85-летний старик бреется каждый день: бритва сухо дерёт кожу, но старик не обращает внимание на это, и, глядя на себя в зеркало, думает, что не имеет права умереть — он живёт с сыном почти пенсионного возраста, безработным и бездоходным, не сумевшим завести семью; сын, получивший хорошее советское образование, некогда работал инженером, но завод развалился, и все попытки найти новую работу успехом не увенчались.
Сам старик, несмотря на возраст, относительно вписался в современность, о которой лучше не думать: он торгует биодобавками, спасибо, здоровье позволяет перемещаться по городу, он торгует и косметикой: связан с фирмой, живущей сетевым маркетингом; и, бреясь по утрам и глядя на своё отражение, знает, что необходимо ему дожить до того времени, когда сын выйдет на пенсию, будет иметь хоть какой-то, пусть крохотный доход.
Сын в это время варит овсянку на кухне, или готовит яичницу на двоих.
Несколько месяцев назад они похоронили мать, умершую в одночасье от разрыва сердца; старик прожил с женою более полувека, и пёстрая лента жизни проносится иногда в голове, замирая на том, или ином моменте…
— Папа, завтрак готов! — слышит старик.
— Да, сынок, иду…
Какой добрый у него, ласковый мальчик, почему не получилось с семьёй?

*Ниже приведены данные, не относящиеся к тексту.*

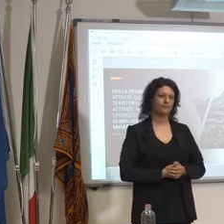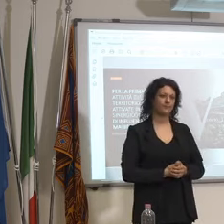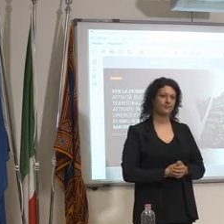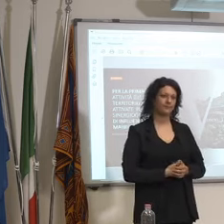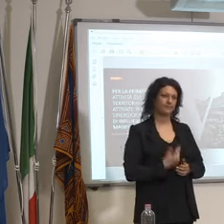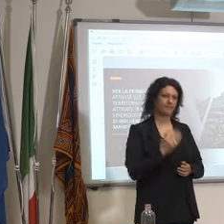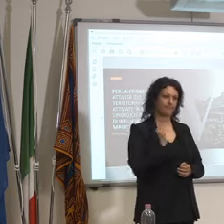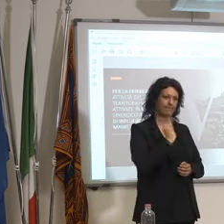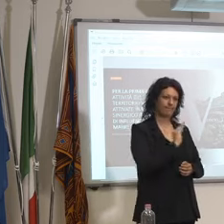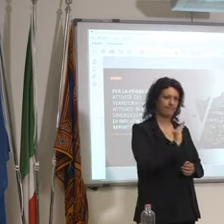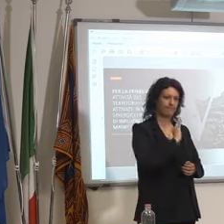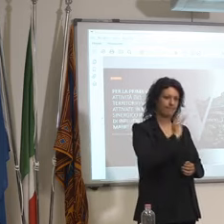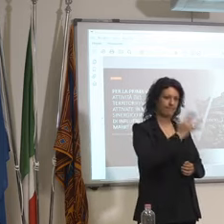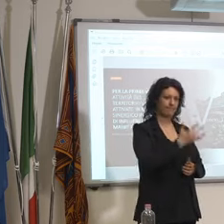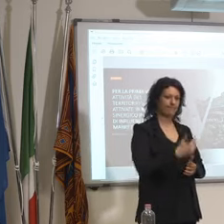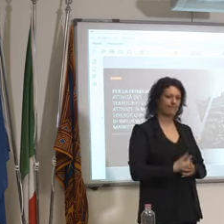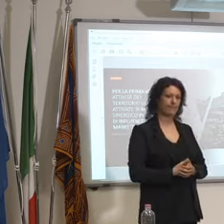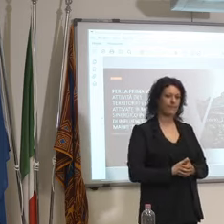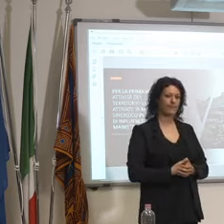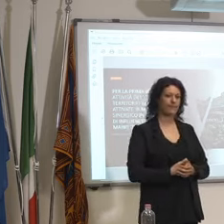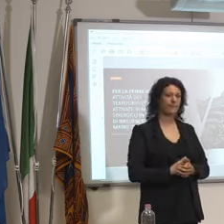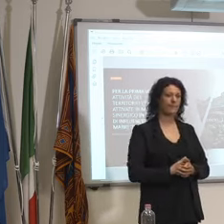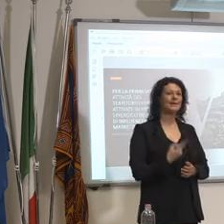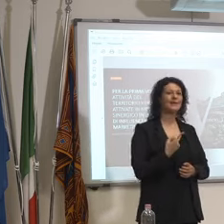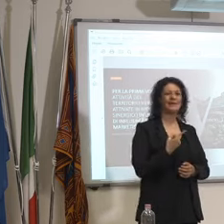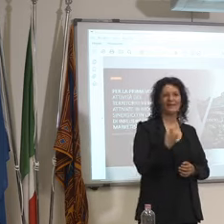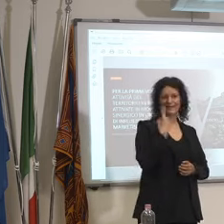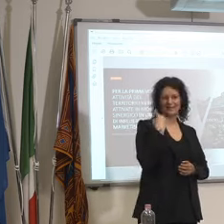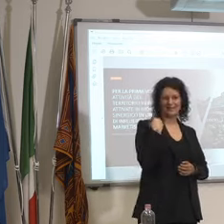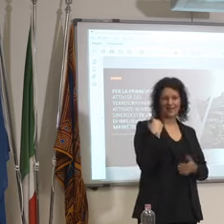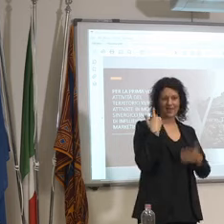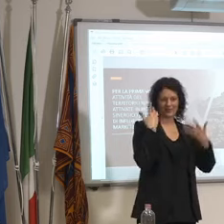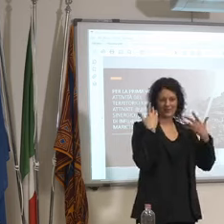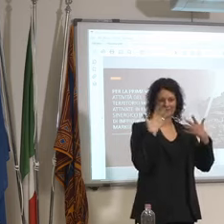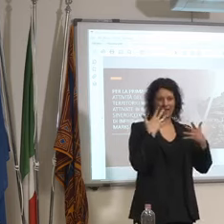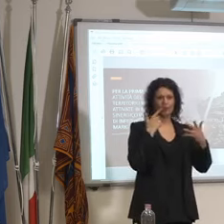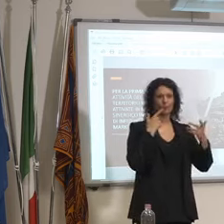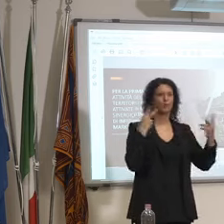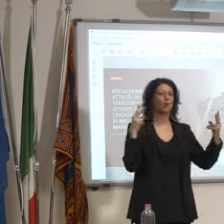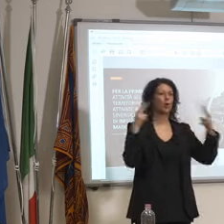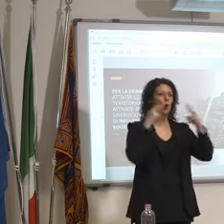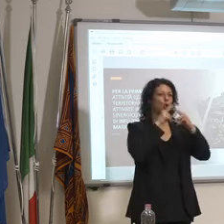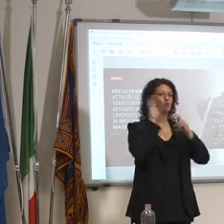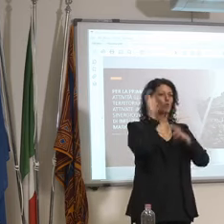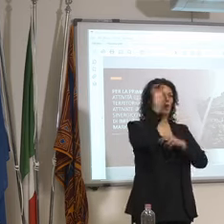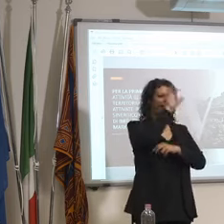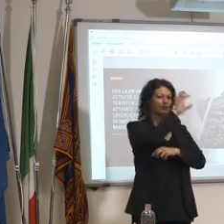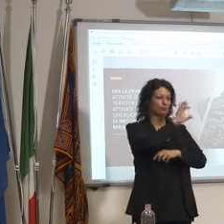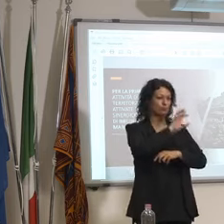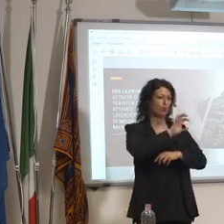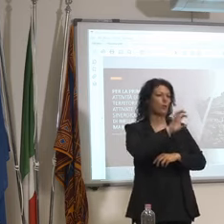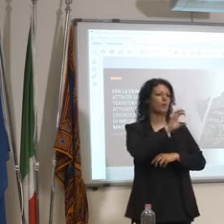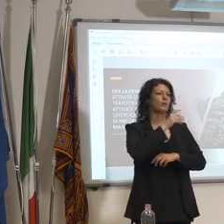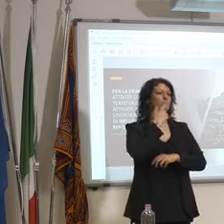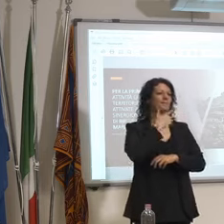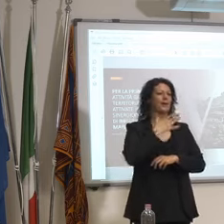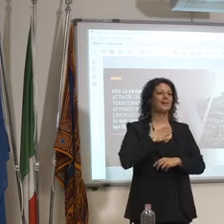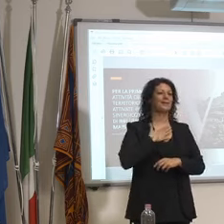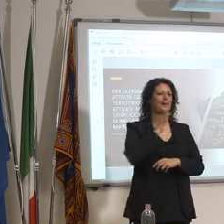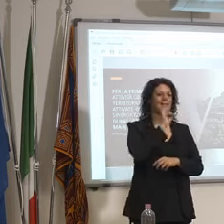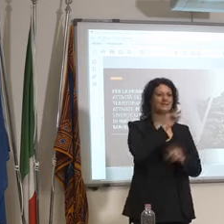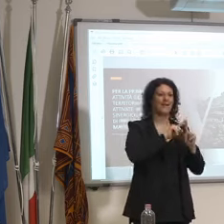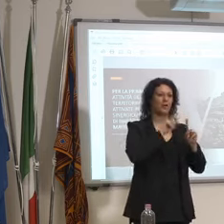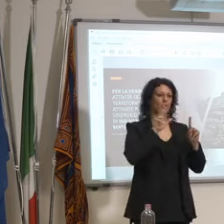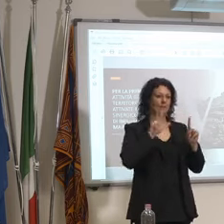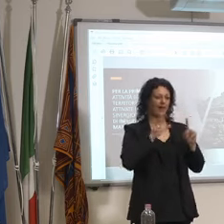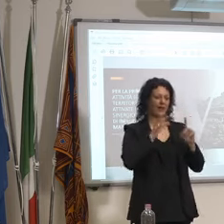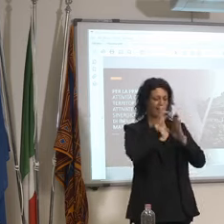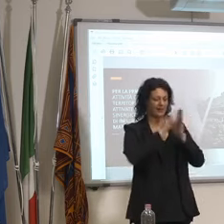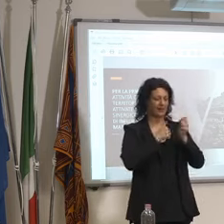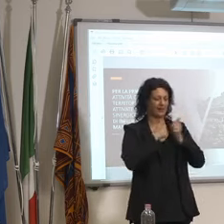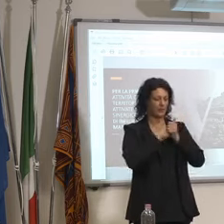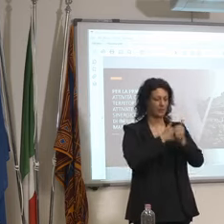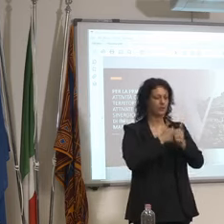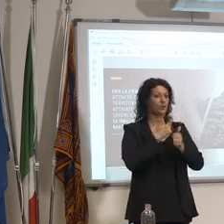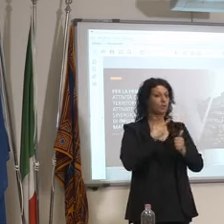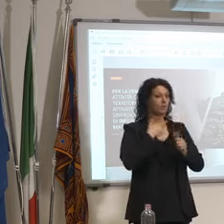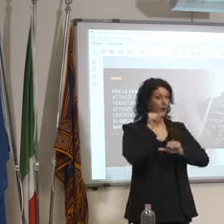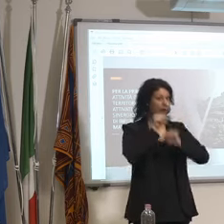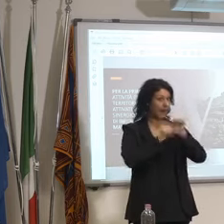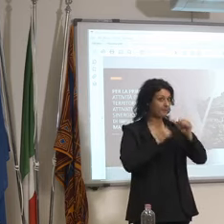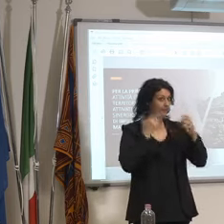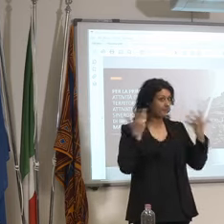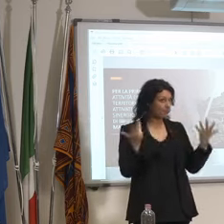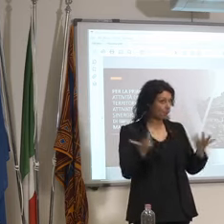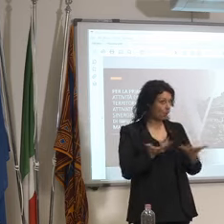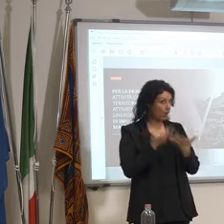'incontro che avete avuto ieri per quanto attiene di linea di vita 0-3 anni ci saranno dei cambiamenti no come per esempio la

С детками?
Они завтракают на кухне, оба едят не слишком много, и отец всё вспоминает весёлого, хорошо учившегося мальчишку, и тщится разглядеть его черты в нынешнем, тоже уже старом человеке, сидящем напротив.
— Ты куда сегодня? — спрашивает сын.
— За товаром на склад надо. Потом поеду по двум адресам. Ещё заверну за биодобавками.
— Так вроде у тебя заказов не было?
— На всякий случай, в запас, сынок. А ты?
— Я подъеду на одну фирму… поговорю там.
— Хорошо. Дай Бог, получится.
Отец знает чётко, что не получится ничего, много раз уже так было, хотя почему? Не может ответить.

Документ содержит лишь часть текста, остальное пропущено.